しかし、低い見積もりを出すのは東京オリンピックでも見た要素。今の日本も風刺するドラマだったとは。
ジャンルとしては歴史上実在の人物も登場するファンタジーデタラメ昭和史ではあるのだが、平山造船中将(田中泯)の「大和の役割は日本の依り代」には、おおぉ…と絶句。しかし、そこまで見えていた人はあの時代にはいなかっただろうと思う。
ええ、そういう映画だったの?!と驚きを感じた。結果、見てよかったと思った。昔の映画人では作れなかった戦争映画だと思う。

音楽のセンスがよい。昔なら歌謡曲で抒情的に盛り上げてむしろ鼻白んでただろうと思う。

菅田将暉のがんばりと演技力は最大限に褒めるべき。山本五十六が戦艦に乗り込んでくるときの、軍人になりきって敬礼する菅田の凛々しい軍服姿がすばらしかった。菅田でこの映画はもっていた。菅田は日本映画界の宝。

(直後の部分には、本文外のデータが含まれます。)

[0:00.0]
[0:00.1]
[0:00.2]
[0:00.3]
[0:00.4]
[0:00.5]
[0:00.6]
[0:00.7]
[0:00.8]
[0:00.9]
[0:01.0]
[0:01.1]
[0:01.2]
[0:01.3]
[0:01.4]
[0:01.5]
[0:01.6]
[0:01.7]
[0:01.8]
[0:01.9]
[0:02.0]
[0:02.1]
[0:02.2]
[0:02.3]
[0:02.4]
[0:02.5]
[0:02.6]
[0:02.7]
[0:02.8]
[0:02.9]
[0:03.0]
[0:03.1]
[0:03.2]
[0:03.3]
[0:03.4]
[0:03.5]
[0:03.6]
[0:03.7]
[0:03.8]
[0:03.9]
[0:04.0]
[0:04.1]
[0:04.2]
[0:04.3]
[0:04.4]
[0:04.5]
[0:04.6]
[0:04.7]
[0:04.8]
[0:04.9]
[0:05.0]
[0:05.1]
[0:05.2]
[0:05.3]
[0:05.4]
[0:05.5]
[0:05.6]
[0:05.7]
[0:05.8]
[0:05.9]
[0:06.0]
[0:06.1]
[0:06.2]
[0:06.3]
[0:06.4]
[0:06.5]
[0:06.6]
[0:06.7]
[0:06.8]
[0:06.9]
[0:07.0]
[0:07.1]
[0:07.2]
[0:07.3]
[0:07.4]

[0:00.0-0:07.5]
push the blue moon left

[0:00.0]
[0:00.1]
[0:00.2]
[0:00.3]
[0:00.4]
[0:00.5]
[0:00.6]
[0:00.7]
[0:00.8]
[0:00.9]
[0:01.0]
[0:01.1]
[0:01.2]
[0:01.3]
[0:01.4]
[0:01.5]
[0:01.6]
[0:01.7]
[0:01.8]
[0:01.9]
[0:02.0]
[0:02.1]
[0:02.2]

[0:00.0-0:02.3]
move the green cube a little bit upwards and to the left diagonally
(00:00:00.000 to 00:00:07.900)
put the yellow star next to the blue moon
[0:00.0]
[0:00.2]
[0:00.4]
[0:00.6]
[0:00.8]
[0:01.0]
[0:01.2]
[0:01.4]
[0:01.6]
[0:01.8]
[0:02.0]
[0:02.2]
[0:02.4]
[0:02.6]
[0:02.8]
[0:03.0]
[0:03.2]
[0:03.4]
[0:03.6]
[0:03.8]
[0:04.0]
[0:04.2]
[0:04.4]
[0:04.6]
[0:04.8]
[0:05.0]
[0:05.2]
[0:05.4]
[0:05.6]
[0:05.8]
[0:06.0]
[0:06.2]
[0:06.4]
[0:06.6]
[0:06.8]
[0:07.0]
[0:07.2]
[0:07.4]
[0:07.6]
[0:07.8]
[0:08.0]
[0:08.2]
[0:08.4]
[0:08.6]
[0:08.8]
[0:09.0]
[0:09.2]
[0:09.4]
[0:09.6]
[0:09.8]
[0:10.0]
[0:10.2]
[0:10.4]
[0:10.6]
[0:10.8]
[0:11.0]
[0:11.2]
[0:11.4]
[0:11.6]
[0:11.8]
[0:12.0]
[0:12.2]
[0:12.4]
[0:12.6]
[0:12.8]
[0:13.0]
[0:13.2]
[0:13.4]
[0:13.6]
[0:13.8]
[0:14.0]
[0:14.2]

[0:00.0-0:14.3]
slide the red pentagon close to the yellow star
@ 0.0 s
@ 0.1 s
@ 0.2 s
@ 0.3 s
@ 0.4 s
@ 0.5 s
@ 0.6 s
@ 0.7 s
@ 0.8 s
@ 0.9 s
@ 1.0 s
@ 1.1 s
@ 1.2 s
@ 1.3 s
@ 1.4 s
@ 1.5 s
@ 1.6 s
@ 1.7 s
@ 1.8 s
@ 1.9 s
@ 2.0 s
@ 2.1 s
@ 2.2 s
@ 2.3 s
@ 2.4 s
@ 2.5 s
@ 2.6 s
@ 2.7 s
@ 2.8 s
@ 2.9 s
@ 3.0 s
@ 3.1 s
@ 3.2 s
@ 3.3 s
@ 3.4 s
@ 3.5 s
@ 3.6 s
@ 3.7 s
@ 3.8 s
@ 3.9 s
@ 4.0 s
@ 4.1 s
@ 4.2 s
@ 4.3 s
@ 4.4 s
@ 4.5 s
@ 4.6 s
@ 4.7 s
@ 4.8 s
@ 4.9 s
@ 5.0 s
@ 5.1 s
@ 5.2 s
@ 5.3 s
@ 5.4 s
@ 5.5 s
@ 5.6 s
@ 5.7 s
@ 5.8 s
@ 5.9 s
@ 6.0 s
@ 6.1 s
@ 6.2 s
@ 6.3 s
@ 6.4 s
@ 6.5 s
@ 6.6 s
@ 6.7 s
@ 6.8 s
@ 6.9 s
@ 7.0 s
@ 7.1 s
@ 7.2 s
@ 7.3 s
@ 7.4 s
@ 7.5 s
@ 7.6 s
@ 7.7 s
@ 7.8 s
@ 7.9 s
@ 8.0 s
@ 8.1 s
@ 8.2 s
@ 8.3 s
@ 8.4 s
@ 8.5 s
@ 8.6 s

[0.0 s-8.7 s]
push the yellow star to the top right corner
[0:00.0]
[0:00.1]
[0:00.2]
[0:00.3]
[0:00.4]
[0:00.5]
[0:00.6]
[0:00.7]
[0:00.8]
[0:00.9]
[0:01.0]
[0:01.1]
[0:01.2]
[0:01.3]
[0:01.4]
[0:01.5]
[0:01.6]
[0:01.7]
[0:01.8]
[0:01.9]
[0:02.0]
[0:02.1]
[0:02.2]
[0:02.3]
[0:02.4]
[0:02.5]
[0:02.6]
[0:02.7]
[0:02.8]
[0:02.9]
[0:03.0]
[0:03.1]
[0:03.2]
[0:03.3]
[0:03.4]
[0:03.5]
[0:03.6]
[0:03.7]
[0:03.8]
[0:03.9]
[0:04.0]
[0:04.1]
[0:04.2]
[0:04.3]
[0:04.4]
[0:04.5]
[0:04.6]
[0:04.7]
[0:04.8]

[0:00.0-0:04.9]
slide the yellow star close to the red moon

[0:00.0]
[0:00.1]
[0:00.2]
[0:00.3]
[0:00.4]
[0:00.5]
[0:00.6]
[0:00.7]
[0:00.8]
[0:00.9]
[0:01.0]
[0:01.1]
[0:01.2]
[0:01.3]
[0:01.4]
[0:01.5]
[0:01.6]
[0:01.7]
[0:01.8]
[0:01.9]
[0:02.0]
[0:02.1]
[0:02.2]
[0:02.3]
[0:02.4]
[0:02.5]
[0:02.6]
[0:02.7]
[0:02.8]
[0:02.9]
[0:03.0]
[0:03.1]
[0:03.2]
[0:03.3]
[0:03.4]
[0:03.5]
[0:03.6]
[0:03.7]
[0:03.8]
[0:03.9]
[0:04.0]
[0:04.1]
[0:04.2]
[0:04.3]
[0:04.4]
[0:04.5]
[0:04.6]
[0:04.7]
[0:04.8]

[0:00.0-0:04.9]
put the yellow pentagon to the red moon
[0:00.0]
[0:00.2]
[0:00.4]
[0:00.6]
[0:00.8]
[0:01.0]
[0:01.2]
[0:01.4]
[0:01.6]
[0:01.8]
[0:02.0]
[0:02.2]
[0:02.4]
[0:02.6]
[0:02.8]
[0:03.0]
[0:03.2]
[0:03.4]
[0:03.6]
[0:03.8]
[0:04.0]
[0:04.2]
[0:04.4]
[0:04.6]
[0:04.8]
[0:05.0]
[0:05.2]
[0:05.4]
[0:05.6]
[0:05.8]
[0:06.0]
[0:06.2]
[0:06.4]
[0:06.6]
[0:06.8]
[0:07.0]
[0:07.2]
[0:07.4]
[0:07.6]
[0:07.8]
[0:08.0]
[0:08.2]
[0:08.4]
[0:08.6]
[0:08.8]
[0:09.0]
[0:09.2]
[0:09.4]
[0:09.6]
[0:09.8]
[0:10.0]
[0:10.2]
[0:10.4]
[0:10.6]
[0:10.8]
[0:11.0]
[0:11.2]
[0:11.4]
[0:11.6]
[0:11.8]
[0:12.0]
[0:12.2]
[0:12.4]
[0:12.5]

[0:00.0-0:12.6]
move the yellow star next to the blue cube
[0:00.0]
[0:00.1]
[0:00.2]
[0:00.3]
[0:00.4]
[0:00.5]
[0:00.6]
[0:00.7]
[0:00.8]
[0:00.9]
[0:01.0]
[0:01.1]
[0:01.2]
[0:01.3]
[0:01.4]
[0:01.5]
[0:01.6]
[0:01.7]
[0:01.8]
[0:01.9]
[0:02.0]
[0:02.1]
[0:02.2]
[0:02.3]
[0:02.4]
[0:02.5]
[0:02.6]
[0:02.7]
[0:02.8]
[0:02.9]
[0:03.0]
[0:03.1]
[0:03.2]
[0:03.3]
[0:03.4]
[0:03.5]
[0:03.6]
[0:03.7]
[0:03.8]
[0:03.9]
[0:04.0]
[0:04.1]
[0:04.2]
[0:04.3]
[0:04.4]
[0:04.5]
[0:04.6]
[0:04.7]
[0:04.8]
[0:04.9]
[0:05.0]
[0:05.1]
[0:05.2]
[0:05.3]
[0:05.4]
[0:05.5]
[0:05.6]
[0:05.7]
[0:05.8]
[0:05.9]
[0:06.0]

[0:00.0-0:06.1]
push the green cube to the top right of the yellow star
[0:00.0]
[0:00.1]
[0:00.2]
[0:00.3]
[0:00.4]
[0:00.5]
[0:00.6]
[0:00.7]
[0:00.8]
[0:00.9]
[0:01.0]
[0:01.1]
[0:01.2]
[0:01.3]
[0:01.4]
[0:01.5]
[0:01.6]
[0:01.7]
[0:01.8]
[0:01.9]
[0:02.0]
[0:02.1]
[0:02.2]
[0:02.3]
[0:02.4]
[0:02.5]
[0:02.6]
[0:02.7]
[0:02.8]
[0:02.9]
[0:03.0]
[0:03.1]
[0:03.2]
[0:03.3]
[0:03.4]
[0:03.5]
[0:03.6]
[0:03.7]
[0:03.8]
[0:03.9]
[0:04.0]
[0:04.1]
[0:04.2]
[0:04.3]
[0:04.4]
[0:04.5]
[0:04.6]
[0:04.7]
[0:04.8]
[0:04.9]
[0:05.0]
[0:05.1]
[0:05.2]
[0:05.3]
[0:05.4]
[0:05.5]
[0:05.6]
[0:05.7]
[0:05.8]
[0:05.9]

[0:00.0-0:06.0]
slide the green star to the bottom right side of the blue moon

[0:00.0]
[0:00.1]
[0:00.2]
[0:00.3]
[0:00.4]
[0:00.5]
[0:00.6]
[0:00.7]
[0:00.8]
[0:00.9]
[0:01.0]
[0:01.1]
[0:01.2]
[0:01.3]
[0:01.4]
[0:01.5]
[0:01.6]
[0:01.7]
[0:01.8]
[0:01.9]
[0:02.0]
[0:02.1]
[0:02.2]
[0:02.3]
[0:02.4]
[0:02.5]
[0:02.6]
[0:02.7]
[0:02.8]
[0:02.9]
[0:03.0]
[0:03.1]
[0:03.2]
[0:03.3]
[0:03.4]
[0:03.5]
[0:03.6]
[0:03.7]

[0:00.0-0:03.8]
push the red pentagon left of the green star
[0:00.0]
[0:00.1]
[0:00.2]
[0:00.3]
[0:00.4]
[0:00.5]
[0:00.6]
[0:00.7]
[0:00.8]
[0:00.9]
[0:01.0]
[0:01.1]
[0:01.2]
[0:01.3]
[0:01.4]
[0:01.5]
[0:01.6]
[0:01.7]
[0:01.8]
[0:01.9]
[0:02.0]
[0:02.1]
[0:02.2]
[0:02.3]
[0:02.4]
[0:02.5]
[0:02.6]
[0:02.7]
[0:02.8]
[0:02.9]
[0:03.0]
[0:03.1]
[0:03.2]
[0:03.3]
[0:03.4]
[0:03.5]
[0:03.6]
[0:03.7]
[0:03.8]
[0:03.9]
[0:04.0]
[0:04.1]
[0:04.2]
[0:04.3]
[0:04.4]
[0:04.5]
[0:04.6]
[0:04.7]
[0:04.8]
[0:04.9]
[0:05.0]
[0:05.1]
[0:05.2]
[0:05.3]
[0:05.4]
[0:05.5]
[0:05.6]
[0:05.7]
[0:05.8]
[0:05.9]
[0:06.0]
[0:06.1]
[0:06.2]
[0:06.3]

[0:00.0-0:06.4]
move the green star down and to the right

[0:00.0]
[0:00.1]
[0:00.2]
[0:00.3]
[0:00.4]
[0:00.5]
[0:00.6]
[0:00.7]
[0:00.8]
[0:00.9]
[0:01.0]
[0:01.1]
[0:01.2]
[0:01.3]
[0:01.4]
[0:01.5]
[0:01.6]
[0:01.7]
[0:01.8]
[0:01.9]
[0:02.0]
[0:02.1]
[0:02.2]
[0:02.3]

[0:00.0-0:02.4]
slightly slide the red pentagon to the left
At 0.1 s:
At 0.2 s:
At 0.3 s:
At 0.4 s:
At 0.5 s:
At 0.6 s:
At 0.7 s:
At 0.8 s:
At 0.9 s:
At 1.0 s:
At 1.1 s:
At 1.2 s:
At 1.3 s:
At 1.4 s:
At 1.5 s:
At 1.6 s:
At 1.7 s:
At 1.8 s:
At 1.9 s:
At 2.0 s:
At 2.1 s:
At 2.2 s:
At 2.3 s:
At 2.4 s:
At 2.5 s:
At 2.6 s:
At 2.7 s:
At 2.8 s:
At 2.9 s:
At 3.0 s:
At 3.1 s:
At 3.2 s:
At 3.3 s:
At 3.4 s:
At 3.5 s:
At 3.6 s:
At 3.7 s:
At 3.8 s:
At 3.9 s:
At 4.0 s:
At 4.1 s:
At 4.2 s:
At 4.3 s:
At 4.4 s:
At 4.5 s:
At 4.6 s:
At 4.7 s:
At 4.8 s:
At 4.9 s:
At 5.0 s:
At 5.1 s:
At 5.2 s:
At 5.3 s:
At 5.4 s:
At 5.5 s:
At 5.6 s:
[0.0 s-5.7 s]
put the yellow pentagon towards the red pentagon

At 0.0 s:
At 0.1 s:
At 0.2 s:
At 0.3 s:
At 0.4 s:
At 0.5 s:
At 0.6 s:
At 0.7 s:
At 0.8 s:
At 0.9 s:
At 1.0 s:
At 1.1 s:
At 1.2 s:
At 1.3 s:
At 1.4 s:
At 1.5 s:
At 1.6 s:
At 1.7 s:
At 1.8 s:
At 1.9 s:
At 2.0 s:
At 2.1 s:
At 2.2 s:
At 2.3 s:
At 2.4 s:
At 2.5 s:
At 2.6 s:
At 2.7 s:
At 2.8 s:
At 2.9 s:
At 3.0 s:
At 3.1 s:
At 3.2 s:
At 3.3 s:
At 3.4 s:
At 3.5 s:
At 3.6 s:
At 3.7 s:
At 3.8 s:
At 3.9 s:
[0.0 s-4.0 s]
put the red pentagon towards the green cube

浜辺美波は三つ編みおさげ髪の財閥令嬢。出演シーンは少ない。体型がリアルに戦前の良家のお嬢様だった。
菅田将暉と柄本佑コンビは鶴瓶社長に部品やら人件費やらの価格について教えを請うのだがけんもほろろ。この時代は軍人は民間人から舐められまくってたのか。

この映画は日本各地でロケをしているようだ。行ったことのある水戸の芦山浄水場と静岡県島田市の北河製品所も出て来た。ほんの短いシーンでしか出てこない。